(MATERIAL SHOWN begins)
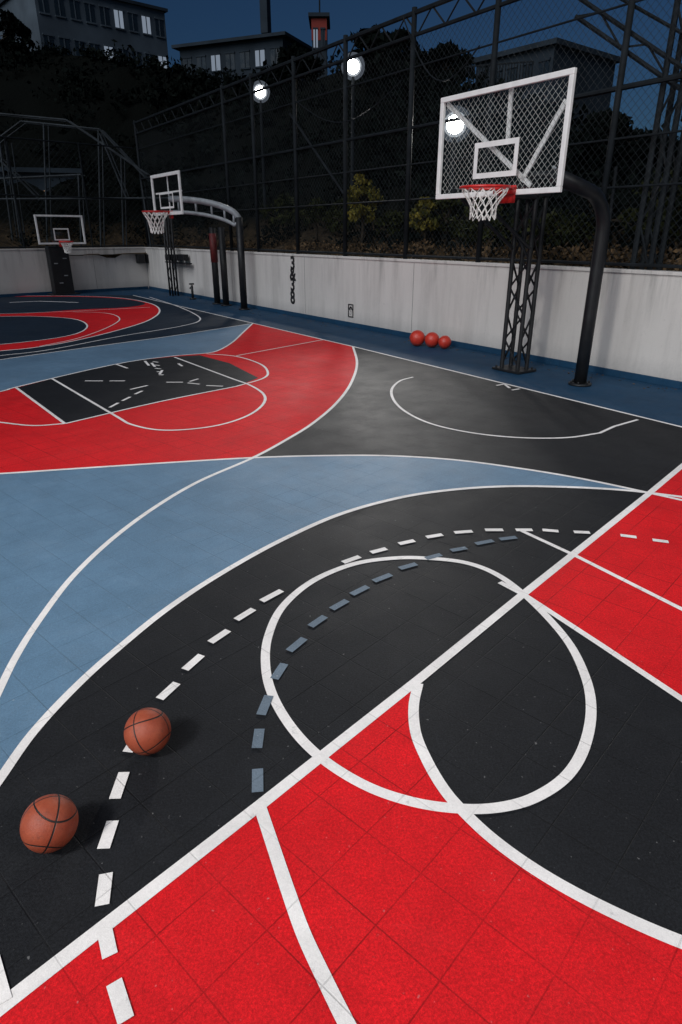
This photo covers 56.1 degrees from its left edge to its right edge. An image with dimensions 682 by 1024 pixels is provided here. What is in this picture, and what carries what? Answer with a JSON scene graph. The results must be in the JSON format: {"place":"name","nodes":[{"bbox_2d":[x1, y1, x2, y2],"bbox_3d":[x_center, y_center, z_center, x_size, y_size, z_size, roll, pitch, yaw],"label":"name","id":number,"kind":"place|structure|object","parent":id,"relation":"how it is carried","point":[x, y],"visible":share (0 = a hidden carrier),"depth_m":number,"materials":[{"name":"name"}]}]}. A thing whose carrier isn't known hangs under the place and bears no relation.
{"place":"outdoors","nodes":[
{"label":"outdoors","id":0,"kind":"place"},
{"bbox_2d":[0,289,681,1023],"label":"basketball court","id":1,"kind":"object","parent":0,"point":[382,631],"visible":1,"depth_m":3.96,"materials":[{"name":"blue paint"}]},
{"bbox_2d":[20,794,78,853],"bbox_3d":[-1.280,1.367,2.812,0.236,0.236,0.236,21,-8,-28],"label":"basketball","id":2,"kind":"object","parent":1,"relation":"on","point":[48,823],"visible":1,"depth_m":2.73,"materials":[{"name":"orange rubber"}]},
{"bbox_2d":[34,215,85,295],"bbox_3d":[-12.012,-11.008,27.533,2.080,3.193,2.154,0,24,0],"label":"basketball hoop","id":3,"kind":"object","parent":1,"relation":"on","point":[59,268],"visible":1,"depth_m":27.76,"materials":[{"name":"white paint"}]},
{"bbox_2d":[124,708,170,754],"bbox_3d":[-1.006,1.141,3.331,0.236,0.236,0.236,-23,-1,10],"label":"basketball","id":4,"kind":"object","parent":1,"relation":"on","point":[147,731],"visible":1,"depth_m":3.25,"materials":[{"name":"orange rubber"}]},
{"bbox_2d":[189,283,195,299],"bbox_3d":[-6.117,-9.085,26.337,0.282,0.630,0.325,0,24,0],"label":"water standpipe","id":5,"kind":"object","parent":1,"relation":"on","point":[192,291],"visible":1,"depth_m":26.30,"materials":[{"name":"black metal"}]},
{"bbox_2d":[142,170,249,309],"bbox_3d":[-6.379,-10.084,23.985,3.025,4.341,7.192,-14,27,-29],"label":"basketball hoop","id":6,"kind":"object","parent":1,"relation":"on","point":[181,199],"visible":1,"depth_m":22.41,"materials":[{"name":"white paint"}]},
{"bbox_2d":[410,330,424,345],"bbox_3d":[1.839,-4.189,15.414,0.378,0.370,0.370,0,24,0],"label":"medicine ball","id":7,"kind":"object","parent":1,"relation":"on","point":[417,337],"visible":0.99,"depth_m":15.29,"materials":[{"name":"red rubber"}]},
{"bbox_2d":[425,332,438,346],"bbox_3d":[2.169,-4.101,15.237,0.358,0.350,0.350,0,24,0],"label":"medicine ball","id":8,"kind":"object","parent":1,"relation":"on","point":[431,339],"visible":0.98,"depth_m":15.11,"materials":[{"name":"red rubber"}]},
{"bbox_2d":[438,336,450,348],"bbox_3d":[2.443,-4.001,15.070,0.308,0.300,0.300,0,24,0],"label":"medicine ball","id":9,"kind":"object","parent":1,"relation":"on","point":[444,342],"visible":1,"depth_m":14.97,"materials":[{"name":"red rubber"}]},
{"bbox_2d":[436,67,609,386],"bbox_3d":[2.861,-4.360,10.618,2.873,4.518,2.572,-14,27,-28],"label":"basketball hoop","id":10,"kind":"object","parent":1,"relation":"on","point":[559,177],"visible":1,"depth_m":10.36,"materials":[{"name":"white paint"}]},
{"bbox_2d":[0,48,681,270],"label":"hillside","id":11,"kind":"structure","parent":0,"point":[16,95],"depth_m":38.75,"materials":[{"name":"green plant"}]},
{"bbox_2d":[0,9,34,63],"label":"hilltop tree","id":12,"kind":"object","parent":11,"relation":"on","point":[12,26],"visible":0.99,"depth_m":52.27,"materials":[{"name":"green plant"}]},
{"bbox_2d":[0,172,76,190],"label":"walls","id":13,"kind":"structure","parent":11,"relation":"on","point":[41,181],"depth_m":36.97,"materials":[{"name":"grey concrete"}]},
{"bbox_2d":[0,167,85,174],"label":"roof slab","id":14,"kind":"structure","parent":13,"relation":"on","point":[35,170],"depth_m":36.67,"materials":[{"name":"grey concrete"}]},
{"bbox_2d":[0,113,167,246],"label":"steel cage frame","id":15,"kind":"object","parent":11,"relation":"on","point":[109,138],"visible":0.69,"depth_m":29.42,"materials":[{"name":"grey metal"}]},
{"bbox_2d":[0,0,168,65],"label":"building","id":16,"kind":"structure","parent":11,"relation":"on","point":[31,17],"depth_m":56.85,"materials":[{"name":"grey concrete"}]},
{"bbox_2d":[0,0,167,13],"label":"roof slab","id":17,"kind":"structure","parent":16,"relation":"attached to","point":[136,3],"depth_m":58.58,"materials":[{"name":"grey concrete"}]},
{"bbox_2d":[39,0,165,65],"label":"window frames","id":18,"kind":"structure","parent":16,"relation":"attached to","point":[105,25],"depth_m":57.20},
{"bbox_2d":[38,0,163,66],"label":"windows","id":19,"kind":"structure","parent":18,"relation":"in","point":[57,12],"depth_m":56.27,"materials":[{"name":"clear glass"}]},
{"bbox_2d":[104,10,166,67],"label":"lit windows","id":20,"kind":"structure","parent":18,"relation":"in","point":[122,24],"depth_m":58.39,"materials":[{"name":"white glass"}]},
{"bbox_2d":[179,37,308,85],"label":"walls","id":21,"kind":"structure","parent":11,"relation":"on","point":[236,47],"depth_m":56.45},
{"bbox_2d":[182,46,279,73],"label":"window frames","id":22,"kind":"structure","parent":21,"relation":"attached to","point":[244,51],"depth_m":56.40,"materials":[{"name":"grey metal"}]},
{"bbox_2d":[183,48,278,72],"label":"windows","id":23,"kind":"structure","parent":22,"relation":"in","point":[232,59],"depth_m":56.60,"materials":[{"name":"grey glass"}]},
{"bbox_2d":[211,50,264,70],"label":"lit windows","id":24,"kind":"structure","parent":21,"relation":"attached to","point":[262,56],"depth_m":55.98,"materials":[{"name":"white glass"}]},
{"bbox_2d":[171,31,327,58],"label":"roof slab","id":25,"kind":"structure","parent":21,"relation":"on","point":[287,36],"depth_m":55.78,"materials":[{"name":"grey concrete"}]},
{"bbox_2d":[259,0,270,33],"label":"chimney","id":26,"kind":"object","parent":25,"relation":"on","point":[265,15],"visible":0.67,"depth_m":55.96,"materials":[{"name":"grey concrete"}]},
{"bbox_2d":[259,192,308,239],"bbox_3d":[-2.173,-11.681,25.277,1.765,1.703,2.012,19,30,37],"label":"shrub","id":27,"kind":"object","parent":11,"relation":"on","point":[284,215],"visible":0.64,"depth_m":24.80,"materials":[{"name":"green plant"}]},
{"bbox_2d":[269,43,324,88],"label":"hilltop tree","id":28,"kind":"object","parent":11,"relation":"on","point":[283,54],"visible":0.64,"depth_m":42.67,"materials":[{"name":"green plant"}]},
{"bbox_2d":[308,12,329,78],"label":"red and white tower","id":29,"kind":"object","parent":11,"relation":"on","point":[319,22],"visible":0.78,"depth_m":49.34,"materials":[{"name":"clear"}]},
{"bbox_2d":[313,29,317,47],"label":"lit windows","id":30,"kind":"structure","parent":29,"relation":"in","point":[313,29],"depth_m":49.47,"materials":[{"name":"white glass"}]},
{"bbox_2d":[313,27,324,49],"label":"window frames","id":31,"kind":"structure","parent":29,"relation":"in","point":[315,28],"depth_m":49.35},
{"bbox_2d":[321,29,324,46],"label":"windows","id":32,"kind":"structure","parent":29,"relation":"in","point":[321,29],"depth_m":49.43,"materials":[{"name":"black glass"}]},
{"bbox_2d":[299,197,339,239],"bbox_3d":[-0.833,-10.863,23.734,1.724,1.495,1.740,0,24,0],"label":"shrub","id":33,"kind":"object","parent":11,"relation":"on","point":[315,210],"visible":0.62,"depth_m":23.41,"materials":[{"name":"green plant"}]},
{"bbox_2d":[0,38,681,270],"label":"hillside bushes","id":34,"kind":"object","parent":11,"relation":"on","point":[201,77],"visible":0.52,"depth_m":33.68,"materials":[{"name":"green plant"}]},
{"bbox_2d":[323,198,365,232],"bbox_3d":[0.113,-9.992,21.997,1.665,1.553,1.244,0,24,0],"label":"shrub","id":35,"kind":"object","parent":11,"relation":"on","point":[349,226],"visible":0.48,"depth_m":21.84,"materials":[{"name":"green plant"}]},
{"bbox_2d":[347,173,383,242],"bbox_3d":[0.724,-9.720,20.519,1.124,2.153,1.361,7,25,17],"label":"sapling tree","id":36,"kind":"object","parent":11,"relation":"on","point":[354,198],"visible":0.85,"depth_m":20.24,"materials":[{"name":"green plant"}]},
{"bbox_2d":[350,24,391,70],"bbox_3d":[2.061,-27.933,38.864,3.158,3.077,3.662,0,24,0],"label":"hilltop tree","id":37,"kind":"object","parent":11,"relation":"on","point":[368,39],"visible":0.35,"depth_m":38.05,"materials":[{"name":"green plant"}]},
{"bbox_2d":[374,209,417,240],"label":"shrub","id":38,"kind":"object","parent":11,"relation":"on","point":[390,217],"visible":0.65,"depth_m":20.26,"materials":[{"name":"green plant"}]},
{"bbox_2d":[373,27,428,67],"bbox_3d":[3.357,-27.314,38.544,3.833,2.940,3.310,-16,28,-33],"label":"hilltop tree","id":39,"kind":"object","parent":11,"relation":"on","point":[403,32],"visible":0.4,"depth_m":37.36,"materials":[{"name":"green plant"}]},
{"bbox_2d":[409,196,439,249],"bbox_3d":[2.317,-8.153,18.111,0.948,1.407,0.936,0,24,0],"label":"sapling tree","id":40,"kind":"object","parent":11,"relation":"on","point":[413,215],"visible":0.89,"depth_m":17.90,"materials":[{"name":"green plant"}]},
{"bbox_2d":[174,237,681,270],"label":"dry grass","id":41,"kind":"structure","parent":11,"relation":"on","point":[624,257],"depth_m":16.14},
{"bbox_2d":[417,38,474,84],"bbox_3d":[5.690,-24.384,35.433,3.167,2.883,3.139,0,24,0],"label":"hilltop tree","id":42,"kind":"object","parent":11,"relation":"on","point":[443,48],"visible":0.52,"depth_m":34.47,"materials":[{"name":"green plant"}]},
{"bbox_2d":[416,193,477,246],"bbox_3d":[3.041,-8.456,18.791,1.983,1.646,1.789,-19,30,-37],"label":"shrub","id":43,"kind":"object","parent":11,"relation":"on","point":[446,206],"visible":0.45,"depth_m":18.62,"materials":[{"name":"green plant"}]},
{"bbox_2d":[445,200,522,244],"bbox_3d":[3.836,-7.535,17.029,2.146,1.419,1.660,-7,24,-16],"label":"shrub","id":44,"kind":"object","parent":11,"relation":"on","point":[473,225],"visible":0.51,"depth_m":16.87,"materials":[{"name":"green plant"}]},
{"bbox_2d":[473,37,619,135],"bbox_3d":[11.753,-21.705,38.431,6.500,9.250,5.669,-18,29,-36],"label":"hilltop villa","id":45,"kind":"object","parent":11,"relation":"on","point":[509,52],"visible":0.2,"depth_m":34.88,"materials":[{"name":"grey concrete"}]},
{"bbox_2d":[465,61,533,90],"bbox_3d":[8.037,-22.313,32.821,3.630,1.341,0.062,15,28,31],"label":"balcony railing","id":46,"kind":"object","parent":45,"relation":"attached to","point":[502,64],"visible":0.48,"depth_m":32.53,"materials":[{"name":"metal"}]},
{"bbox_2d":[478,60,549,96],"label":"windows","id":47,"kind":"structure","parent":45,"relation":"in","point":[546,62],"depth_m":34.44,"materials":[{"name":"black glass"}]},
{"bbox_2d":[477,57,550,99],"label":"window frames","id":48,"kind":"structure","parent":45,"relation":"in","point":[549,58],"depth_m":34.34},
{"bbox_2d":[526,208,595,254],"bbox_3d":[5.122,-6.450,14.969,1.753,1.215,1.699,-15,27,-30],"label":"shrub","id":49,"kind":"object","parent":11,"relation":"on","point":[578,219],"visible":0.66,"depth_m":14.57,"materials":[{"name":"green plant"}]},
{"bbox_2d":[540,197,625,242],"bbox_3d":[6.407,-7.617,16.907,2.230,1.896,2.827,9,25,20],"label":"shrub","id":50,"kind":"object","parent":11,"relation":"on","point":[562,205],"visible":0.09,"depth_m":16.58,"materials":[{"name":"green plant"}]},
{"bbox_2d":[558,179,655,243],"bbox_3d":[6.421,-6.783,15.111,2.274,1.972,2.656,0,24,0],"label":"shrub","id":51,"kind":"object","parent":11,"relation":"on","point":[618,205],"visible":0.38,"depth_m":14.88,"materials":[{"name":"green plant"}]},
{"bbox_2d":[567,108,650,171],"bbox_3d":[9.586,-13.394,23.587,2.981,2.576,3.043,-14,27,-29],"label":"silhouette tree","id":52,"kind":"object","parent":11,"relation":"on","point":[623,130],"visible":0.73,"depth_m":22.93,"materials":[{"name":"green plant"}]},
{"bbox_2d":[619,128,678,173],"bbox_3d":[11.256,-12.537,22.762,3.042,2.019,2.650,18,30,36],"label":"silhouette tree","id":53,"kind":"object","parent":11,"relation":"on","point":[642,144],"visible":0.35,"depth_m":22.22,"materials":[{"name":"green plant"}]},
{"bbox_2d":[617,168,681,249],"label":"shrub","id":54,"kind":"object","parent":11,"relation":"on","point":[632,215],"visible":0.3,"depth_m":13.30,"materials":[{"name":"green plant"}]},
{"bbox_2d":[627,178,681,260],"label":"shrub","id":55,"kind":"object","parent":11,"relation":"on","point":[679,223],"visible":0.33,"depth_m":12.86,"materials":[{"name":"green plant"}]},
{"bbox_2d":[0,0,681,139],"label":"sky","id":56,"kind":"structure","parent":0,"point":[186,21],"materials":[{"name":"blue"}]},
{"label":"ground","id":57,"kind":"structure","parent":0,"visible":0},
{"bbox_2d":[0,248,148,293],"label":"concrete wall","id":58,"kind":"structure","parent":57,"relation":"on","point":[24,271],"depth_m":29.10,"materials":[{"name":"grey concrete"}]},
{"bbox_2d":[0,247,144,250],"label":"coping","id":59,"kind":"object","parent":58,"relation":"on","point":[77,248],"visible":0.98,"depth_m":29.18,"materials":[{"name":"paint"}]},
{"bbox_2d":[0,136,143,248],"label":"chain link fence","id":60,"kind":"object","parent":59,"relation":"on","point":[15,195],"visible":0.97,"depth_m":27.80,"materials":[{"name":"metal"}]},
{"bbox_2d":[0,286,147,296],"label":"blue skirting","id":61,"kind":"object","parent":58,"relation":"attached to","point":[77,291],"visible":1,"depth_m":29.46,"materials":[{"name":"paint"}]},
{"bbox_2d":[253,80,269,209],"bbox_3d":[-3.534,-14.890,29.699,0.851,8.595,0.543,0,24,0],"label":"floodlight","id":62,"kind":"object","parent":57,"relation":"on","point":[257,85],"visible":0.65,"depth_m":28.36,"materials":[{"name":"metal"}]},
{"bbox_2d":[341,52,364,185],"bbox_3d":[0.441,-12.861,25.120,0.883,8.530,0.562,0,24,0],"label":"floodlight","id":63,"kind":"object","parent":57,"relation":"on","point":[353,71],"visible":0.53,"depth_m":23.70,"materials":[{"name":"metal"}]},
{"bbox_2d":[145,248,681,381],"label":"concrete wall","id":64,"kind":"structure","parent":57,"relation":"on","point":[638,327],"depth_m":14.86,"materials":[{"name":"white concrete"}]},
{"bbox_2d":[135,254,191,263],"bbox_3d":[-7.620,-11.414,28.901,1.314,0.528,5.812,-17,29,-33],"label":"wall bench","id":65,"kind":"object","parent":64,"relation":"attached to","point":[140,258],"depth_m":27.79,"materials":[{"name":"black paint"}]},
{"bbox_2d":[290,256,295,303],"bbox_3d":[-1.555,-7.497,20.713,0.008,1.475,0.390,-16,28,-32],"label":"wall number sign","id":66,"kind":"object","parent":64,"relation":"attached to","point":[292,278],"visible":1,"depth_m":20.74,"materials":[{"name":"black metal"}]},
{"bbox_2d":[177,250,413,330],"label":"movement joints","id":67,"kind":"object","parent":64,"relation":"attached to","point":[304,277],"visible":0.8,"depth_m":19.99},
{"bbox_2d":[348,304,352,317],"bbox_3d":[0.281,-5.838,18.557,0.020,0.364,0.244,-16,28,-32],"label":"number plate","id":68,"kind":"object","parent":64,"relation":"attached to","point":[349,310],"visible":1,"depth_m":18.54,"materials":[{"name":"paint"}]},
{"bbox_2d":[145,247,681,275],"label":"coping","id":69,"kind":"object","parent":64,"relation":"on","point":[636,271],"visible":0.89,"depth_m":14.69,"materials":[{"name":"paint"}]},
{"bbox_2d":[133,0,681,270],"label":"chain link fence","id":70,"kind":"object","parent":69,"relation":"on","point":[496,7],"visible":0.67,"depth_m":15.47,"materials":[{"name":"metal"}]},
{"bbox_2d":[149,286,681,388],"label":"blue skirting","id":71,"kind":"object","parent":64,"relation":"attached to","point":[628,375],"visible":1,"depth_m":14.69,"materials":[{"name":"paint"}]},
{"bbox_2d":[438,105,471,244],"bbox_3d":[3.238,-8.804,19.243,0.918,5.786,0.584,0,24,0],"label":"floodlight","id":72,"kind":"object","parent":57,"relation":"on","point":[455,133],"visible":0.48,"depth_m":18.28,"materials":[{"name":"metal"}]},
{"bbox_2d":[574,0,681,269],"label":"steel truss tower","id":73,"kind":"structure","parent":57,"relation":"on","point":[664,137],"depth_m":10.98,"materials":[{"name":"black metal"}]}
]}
(MATERIAL SHOWN ends)
Find and copy each line of the material that holds the word "silhouette".

{"bbox_2d":[567,108,650,171],"bbox_3d":[9.586,-13.394,23.587,2.981,2.576,3.043,-14,27,-29],"label":"silhouette tree","id":52,"kind":"object","parent":11,"relation":"on","point":[623,130],"visible":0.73,"depth_m":22.93,"materials":[{"name":"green plant"}]},
{"bbox_2d":[619,128,678,173],"bbox_3d":[11.256,-12.537,22.762,3.042,2.019,2.650,18,30,36],"label":"silhouette tree","id":53,"kind":"object","parent":11,"relation":"on","point":[642,144],"visible":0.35,"depth_m":22.22,"materials":[{"name":"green plant"}]},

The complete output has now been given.